At once, the girls’ names you’d thought of are no use. Too late you realise that you never did get round to talking very much about boys’ names. But it has to have one. So as soon as the gas and air has worn off, there you are trying to remember what you kind of liked when you were idly spitballing boys’ names over a cheese sandwich two months ago before you got distracted by that night’s episode of Homeland.

It’s as the result of just such a process that my third child, born on Christmas Eve, is called Jonah. From a nominative determinism point of view, that’s high risk. Dude might end up getting eaten by a fish. And what’s more, as a friend who confessed to having nearly called her son Jonah reminded us, Jonah is a byword for bad luck: in the original story being eaten by a fish was what passed for yer man catching a break.

That don’t bother me none. It’s only my wife who prevents me from giving my children the sort of names 17th-century Puritans liked to give their children: I’d love to have a little girl called Sorrow.

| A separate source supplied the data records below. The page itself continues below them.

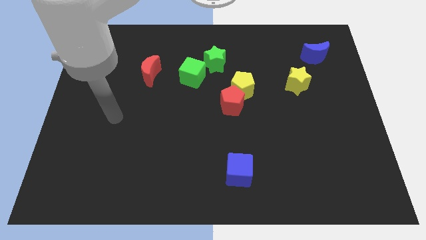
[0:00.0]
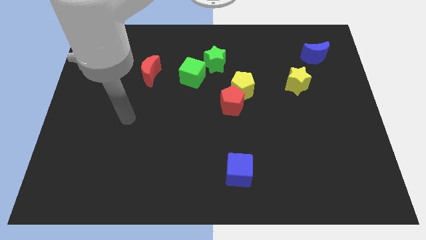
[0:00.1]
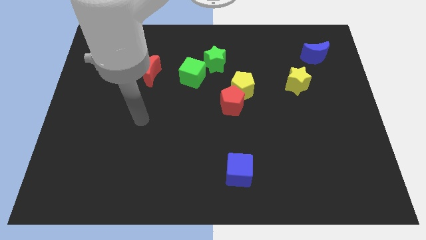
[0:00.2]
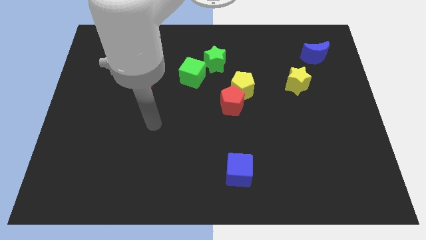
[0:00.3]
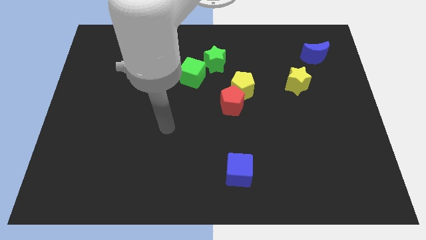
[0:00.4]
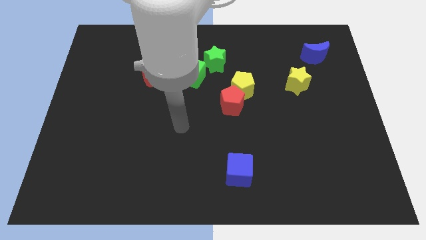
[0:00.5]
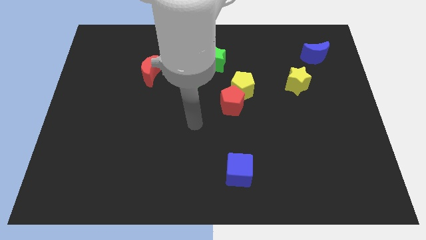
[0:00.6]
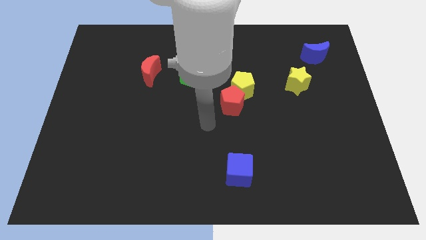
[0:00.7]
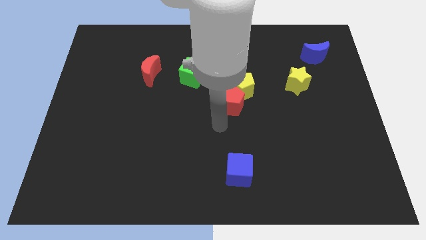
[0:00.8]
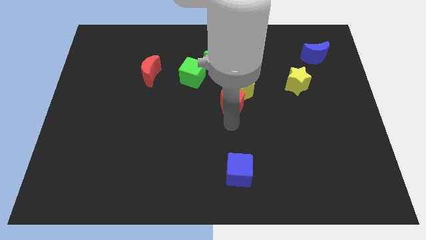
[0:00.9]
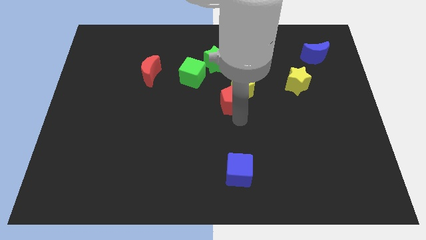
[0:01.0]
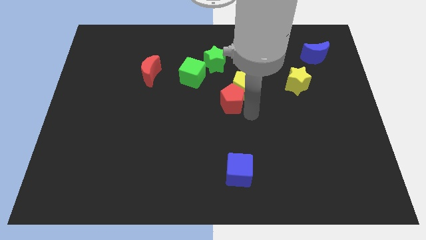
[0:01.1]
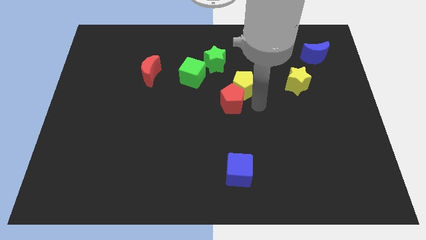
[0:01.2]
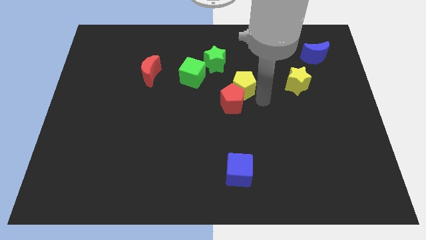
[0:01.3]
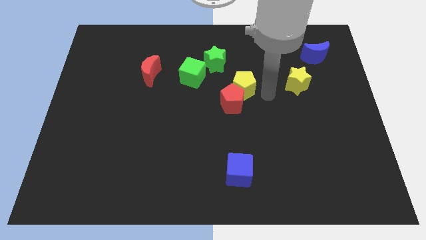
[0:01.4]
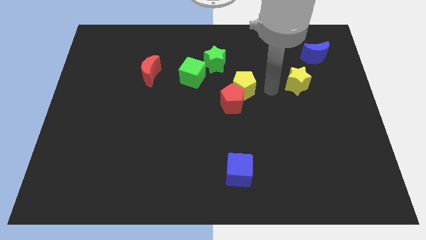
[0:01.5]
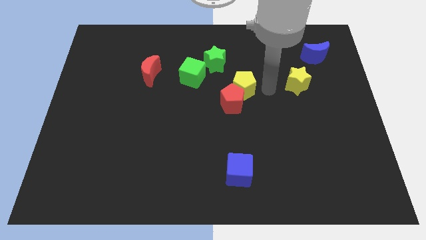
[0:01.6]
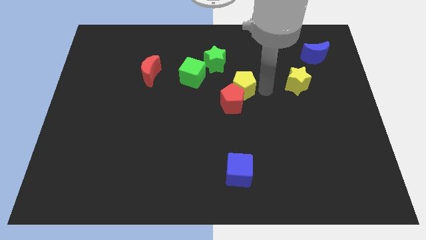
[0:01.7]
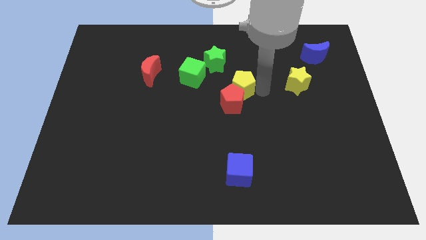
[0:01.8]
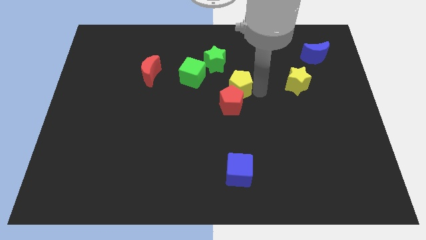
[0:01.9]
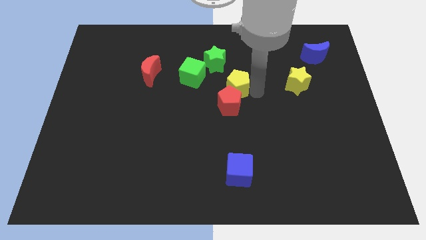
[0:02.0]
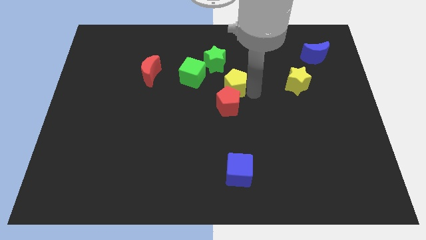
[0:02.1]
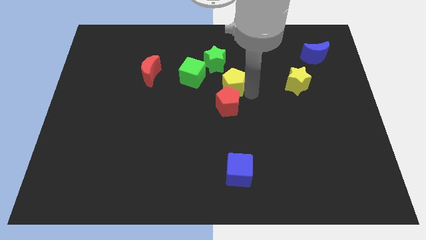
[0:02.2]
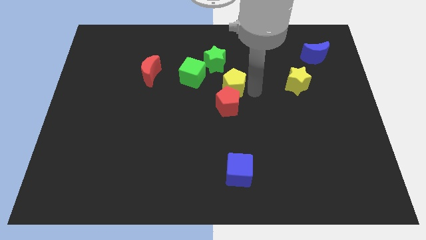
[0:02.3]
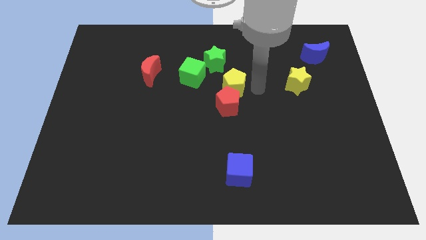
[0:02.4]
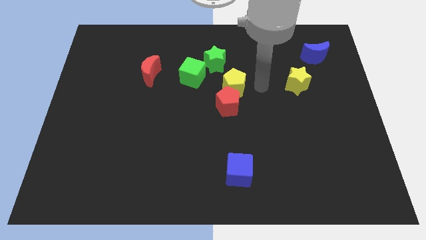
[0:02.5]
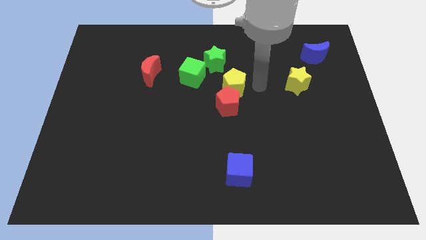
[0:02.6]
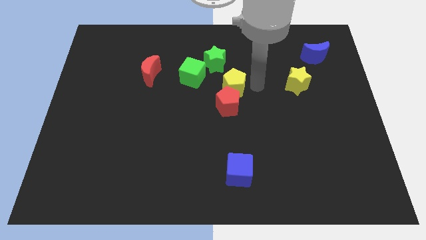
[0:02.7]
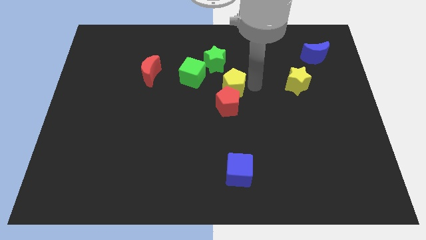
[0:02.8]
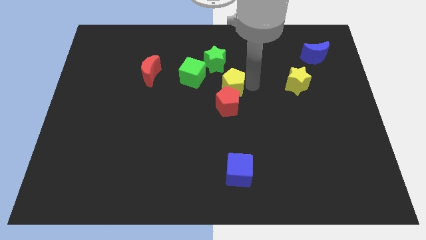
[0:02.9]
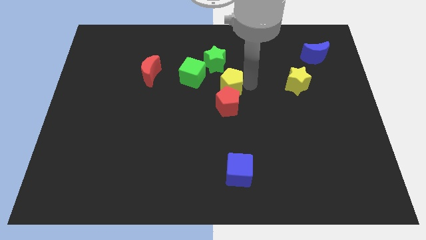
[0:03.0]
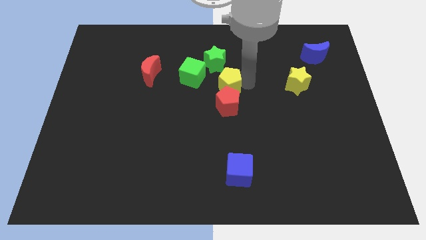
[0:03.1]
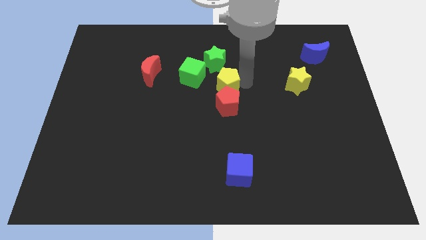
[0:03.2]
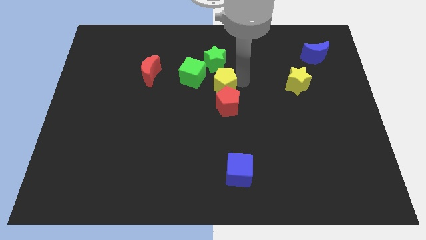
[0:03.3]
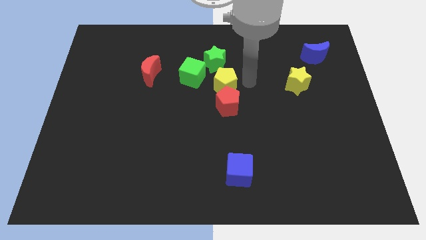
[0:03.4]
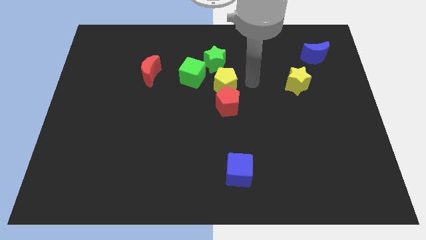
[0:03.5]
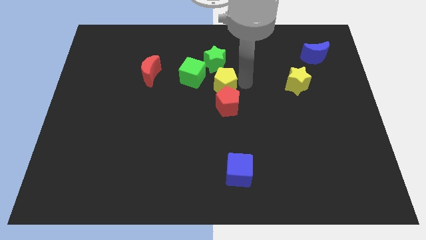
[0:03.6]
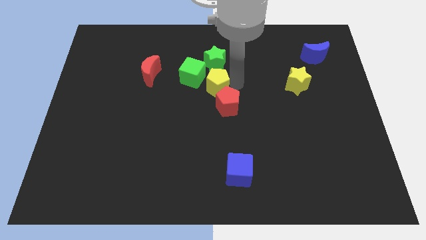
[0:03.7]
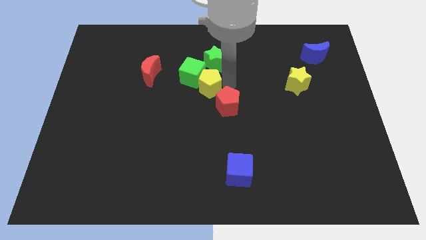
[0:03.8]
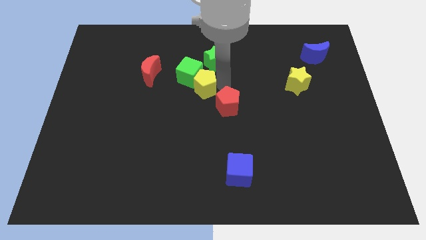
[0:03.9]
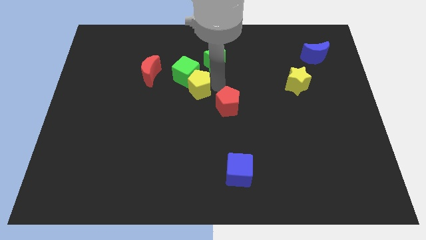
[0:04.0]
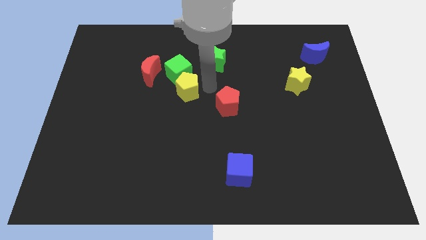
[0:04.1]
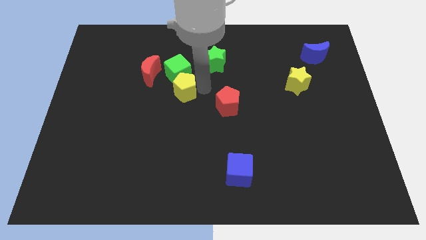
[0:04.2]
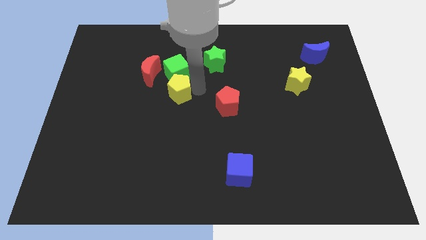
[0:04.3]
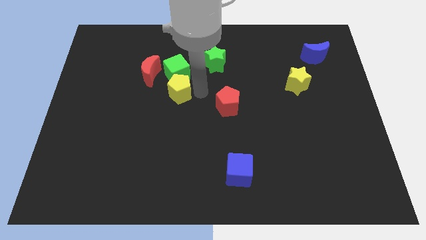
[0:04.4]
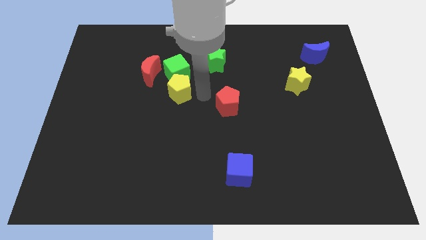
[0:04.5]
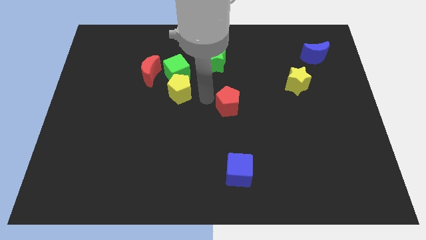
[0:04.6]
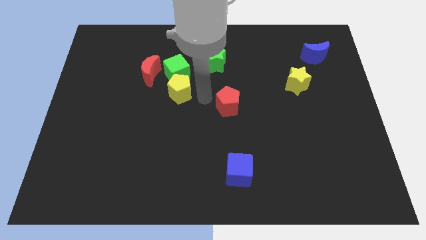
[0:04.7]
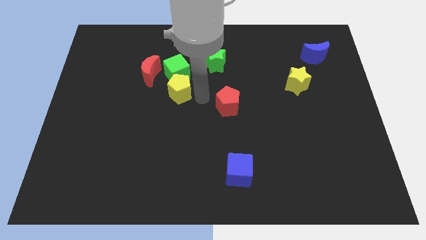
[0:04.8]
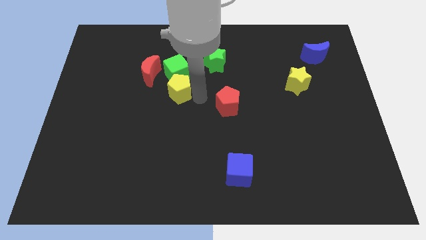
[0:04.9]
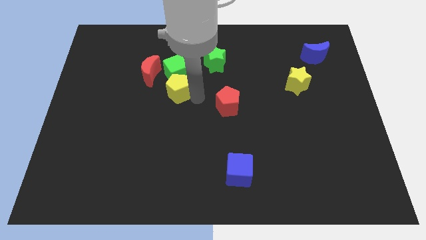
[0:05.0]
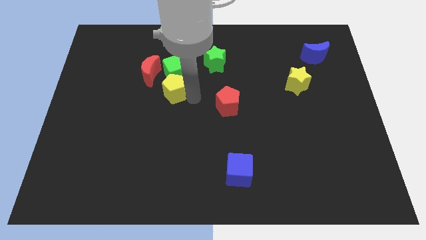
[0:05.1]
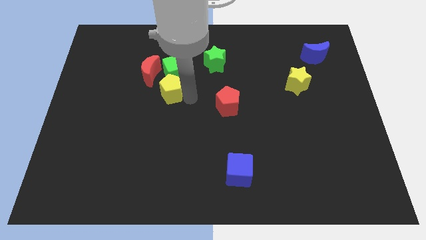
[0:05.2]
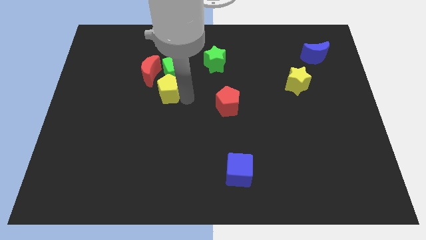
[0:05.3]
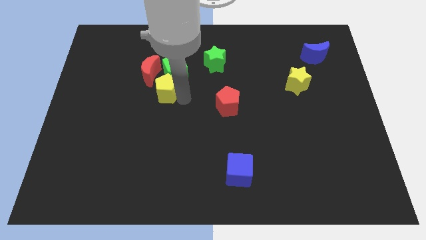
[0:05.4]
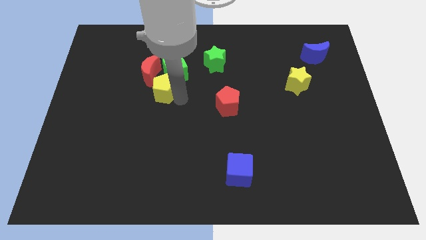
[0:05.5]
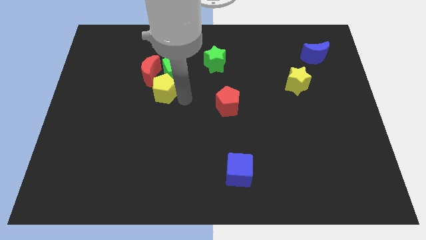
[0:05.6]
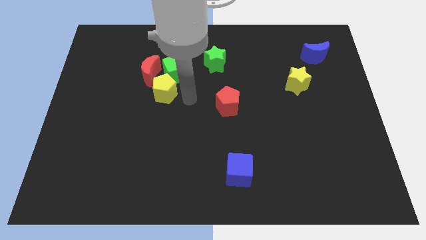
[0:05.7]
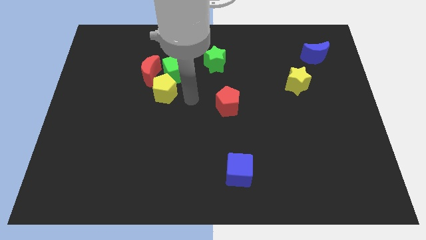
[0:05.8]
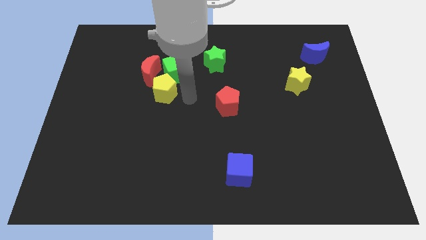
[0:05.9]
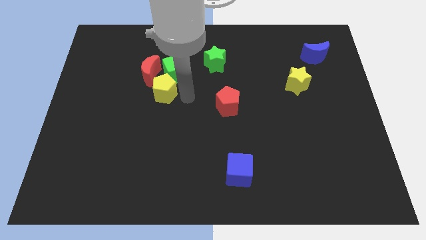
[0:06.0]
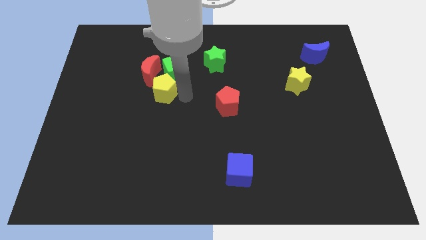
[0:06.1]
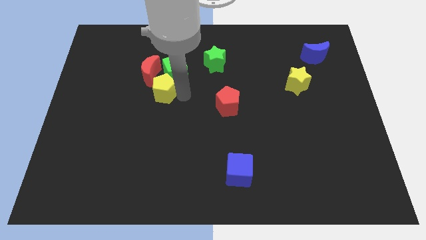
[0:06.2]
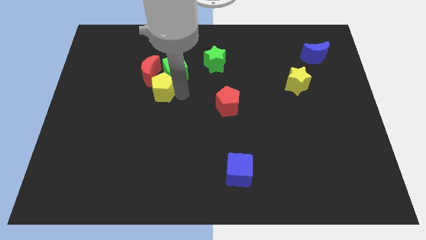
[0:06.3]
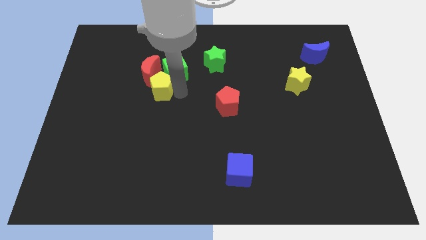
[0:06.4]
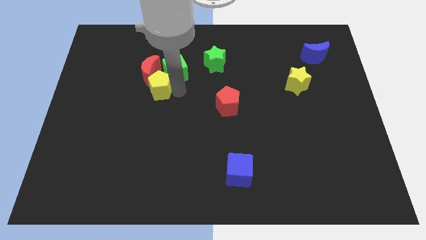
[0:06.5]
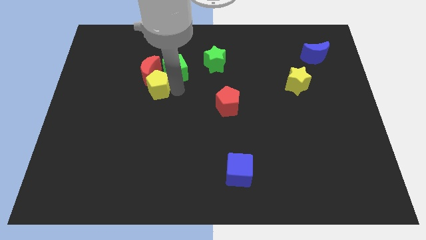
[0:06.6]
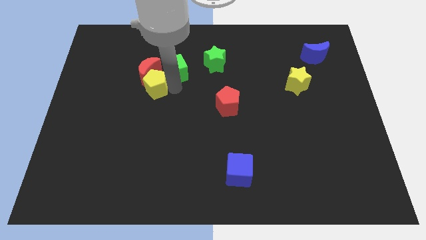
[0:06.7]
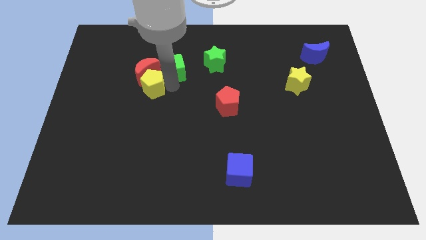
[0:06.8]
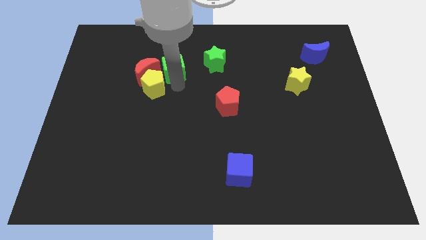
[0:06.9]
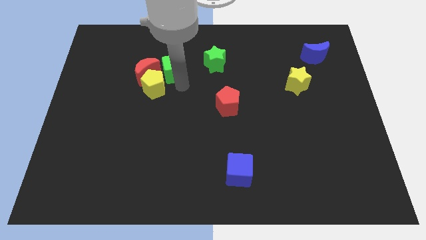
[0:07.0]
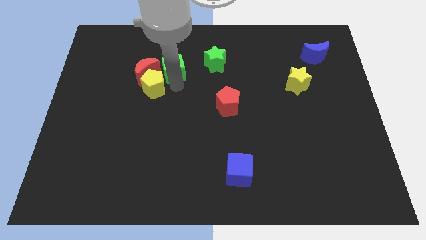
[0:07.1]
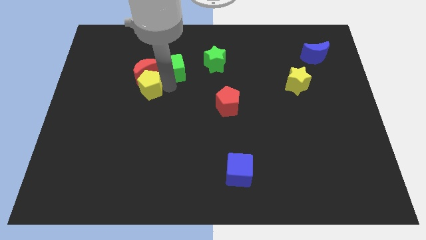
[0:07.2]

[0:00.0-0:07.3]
move the yellow pentagon to the bottom left side of the red moon

But you can be free of superstition and still think the decision important. The name you give your child will profoundly affect him or her. It will cause all sorts of assumptions to be made about them in terms of class but also of character; it will determine, with subtle psychological effect, their place on the register at primary school; it will in many cases condemn them to a lifetime of misspellings or mispronunciations or, in the case of my daughter Marlene, both; and—though this is probably not the most important thing—it will determine whether or not Katie Hopkins lets her kids play with yours (the former Apprentice contestant sparked outrage when she said, on ITV’s This Morning, that she wouldn’t want her children to associate with kids with “lower class names,” singling out Charmaine, Tyler and Chantelle as examples).

Names matter. Their scansion or cadence matters. My first child is an amphibrach, my second a single syllable and my third a trochee: I pity the iambic child. The initials matter. The collocation with the surname matters. The anagrams matter, potentially, a bit too. Some names seem much more obviously names for adults than for babies and have to be grown into. Others—Bella or Felix, for instance—can seem dreadful temptations to fate.

People are insanely secretive about names beforehand, and with good reason. Say you’re hellbent on Nathan. If you try it on a friend before the birth, they’ll feel quite within their rights to go: “Ooh no. Nathan’s AWFUL. Sounds like a DENTIST or similar.”

This is something they would never dream of doing once the child is born. “Oh!” they’ll coo. “Nathan! How lovely!” Both of you will pretend that you don’t remember the previous conversation. Or they like the name and steal it. No good comes of discussing the names you are thinking of with anyone beforehand.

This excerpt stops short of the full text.